**EXERCISE OBJECTIVE**
The full set of entries needs to be reproduced exactly.

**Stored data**
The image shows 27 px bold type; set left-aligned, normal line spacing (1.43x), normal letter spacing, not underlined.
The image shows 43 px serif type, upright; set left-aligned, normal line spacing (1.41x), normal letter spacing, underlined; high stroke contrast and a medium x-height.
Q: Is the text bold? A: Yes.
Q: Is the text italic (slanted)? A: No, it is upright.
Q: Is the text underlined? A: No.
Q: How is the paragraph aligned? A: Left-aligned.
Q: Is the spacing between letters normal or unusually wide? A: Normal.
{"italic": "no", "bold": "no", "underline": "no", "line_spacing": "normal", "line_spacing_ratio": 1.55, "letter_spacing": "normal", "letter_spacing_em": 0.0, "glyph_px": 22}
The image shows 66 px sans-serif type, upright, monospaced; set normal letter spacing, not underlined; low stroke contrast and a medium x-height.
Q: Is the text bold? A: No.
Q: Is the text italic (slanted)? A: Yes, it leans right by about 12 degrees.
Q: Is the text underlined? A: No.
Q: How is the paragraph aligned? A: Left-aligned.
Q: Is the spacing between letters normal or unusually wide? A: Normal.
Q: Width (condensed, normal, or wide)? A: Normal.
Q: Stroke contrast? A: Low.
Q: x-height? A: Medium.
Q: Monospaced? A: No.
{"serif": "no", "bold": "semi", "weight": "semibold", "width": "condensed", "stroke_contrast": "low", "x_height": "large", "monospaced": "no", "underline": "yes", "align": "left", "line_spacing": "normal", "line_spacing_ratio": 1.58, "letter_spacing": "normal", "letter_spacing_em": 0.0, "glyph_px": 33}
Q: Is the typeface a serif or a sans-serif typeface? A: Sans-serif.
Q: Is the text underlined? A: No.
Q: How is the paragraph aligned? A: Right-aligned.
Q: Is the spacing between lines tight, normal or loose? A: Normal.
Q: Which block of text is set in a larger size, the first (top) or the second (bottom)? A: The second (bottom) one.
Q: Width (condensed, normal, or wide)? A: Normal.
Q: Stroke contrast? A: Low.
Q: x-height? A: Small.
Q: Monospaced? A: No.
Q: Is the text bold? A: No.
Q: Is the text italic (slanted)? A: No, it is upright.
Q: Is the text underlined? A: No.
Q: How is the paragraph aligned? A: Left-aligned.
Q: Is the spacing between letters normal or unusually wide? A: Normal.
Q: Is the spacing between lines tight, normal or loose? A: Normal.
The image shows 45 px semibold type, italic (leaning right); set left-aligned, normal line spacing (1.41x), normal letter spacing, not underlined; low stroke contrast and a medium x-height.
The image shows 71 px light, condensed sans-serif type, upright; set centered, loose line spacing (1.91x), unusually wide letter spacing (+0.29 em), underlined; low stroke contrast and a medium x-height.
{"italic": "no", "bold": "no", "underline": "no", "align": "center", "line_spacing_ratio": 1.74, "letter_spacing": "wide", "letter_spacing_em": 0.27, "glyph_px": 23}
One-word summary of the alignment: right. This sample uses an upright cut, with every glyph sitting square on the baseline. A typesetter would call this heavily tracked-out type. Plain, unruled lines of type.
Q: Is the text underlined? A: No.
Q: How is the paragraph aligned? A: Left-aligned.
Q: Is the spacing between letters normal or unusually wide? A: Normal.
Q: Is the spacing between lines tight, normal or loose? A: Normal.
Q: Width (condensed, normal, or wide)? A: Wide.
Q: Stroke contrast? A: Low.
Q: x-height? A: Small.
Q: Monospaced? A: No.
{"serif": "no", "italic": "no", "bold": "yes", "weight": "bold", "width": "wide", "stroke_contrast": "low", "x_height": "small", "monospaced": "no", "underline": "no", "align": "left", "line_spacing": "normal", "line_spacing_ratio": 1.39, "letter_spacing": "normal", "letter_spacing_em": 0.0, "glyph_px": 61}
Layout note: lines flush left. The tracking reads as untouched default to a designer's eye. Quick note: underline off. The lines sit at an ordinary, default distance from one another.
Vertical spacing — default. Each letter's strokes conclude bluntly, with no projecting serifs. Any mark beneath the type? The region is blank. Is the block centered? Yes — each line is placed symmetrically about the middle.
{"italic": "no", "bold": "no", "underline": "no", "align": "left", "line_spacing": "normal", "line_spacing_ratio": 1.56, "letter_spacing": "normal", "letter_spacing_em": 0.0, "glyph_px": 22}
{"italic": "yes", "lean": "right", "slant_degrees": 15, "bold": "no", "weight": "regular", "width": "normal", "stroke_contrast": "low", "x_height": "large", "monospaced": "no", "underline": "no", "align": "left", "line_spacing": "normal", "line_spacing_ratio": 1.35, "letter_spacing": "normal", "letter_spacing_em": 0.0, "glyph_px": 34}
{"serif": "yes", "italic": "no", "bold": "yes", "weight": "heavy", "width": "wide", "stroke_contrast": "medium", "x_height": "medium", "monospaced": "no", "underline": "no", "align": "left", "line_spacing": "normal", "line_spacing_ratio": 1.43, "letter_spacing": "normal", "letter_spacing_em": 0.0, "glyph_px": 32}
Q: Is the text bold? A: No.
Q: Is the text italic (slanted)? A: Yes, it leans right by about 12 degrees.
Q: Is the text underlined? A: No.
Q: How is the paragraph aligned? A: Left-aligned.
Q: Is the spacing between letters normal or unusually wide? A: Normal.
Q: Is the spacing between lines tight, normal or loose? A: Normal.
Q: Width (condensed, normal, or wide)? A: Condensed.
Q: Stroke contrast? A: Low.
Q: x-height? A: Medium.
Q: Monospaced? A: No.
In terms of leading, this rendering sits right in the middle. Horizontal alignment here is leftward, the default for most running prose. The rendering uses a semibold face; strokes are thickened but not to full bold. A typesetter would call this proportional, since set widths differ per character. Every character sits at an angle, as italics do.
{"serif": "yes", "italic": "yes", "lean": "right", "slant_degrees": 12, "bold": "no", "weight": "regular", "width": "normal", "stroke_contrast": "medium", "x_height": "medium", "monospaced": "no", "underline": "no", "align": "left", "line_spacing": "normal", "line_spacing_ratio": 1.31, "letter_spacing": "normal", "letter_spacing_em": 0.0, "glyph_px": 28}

**EXERCISE SOLUTION**
The image shows 27 px bold type; set left-aligned, normal line spacing (1.43x), normal letter spacing, not underlined.
The image shows 43 px serif type, upright; set left-aligned, normal line spacing (1.41x), normal letter spacing, underlined; high stroke contrast and a medium x-height.
Q: Is the text bold? A: Yes.
Q: Is the text italic (slanted)? A: No, it is upright.
Q: Is the text underlined? A: No.
Q: How is the paragraph aligned? A: Left-aligned.
Q: Is the spacing between letters normal or unusually wide? A: Normal.
{"italic": "no", "bold": "no", "underline": "no", "line_spacing": "normal", "line_spacing_ratio": 1.55, "letter_spacing": "normal", "letter_spacing_em": 0.0, "glyph_px": 22}
The image shows 66 px sans-serif type, upright, monospaced; set normal letter spacing, not underlined; low stroke contrast and a medium x-height.
Q: Is the text bold? A: No.
Q: Is the text italic (slanted)? A: Yes, it leans right by about 12 degrees.
Q: Is the text underlined? A: No.
Q: How is the paragraph aligned? A: Left-aligned.
Q: Is the spacing between letters normal or unusually wide? A: Normal.
Q: Width (condensed, normal, or wide)? A: Normal.
Q: Stroke contrast? A: Low.
Q: x-height? A: Medium.
Q: Monospaced? A: No.
{"serif": "no", "bold": "semi", "weight": "semibold", "width": "condensed", "stroke_contrast": "low", "x_height": "large", "monospaced": "no", "underline": "yes", "align": "left", "line_spacing": "normal", "line_spacing_ratio": 1.58, "letter_spacing": "normal", "letter_spacing_em": 0.0, "glyph_px": 33}
Q: Is the typeface a serif or a sans-serif typeface? A: Sans-serif.
Q: Is the text underlined? A: No.
Q: How is the paragraph aligned? A: Right-aligned.
Q: Is the spacing between lines tight, normal or loose? A: Normal.
Q: Which block of text is set in a larger size, the first (top) or the second (bottom)? A: The second (bottom) one.
Q: Width (condensed, normal, or wide)? A: Normal.
Q: Stroke contrast? A: Low.
Q: x-height? A: Small.
Q: Monospaced? A: No.
Q: Is the text bold? A: No.
Q: Is the text italic (slanted)? A: No, it is upright.
Q: Is the text underlined? A: No.
Q: How is the paragraph aligned? A: Left-aligned.
Q: Is the spacing between letters normal or unusually wide? A: Normal.
Q: Is the spacing between lines tight, normal or loose? A: Normal.
The image shows 45 px semibold type, italic (leaning right); set left-aligned, normal line spacing (1.41x), normal letter spacing, not underlined; low stroke contrast and a medium x-height.
The image shows 71 px light, condensed sans-serif type, upright; set centered, loose line spacing (1.91x), unusually wide letter spacing (+0.29 em), underlined; low stroke contrast and a medium x-height.
{"italic": "no", "bold": "no", "underline": "no", "align": "center", "line_spacing_ratio": 1.74, "letter_spacing": "wide", "letter_spacing_em": 0.27, "glyph_px": 23}
One-word summary of the alignment: right. This sample uses an upright cut, with every glyph sitting square on the baseline. A typesetter would call this heavily tracked-out type. Plain, unruled lines of type.
Q: Is the text underlined? A: No.
Q: How is the paragraph aligned? A: Left-aligned.
Q: Is the spacing between letters normal or unusually wide? A: Normal.
Q: Is the spacing between lines tight, normal or loose? A: Normal.
Q: Width (condensed, normal, or wide)? A: Wide.
Q: Stroke contrast? A: Low.
Q: x-height? A: Small.
Q: Monospaced? A: No.
{"serif": "no", "italic": "no", "bold": "yes", "weight": "bold", "width": "wide", "stroke_contrast": "low", "x_height": "small", "monospaced": "no", "underline": "no", "align": "left", "line_spacing": "normal", "line_spacing_ratio": 1.39, "letter_spacing": "normal", "letter_spacing_em": 0.0, "glyph_px": 61}
Layout note: lines flush left. The tracking reads as untouched default to a designer's eye. Quick note: underline off. The lines sit at an ordinary, default distance from one another.
Vertical spacing — default. Each letter's strokes conclude bluntly, with no projecting serifs. Any mark beneath the type? The region is blank. Is the block centered? Yes — each line is placed symmetrically about the middle.
{"italic": "no", "bold": "no", "underline": "no", "align": "left", "line_spacing": "normal", "line_spacing_ratio": 1.56, "letter_spacing": "normal", "letter_spacing_em": 0.0, "glyph_px": 22}
{"italic": "yes", "lean": "right", "slant_degrees": 15, "bold": "no", "weight": "regular", "width": "normal", "stroke_contrast": "low", "x_height": "large", "monospaced": "no", "underline": "no", "align": "left", "line_spacing": "normal", "line_spacing_ratio": 1.35, "letter_spacing": "normal", "letter_spacing_em": 0.0, "glyph_px": 34}
{"serif": "yes", "italic": "no", "bold": "yes", "weight": "heavy", "width": "wide", "stroke_contrast": "medium", "x_height": "medium", "monospaced": "no", "underline": "no", "align": "left", "line_spacing": "normal", "line_spacing_ratio": 1.43, "letter_spacing": "normal", "letter_spacing_em": 0.0, "glyph_px": 32}
Q: Is the text bold? A: No.
Q: Is the text italic (slanted)? A: Yes, it leans right by about 12 degrees.
Q: Is the text underlined? A: No.
Q: How is the paragraph aligned? A: Left-aligned.
Q: Is the spacing between letters normal or unusually wide? A: Normal.
Q: Is the spacing between lines tight, normal or loose? A: Normal.
Q: Width (condensed, normal, or wide)? A: Condensed.
Q: Stroke contrast? A: Low.
Q: x-height? A: Medium.
Q: Monospaced? A: No.
In terms of leading, this rendering sits right in the middle. Horizontal alignment here is leftward, the default for most running prose. The rendering uses a semibold face; strokes are thickened but not to full bold. A typesetter would call this proportional, since set widths differ per character. Every character sits at an angle, as italics do.
{"serif": "yes", "italic": "yes", "lean": "right", "slant_degrees": 12, "bold": "no", "weight": "regular", "width": "normal", "stroke_contrast": "medium", "x_height": "medium", "monospaced": "no", "underline": "no", "align": "left", "line_spacing": "normal", "line_spacing_ratio": 1.31, "letter_spacing": "normal", "letter_spacing_em": 0.0, "glyph_px": 28}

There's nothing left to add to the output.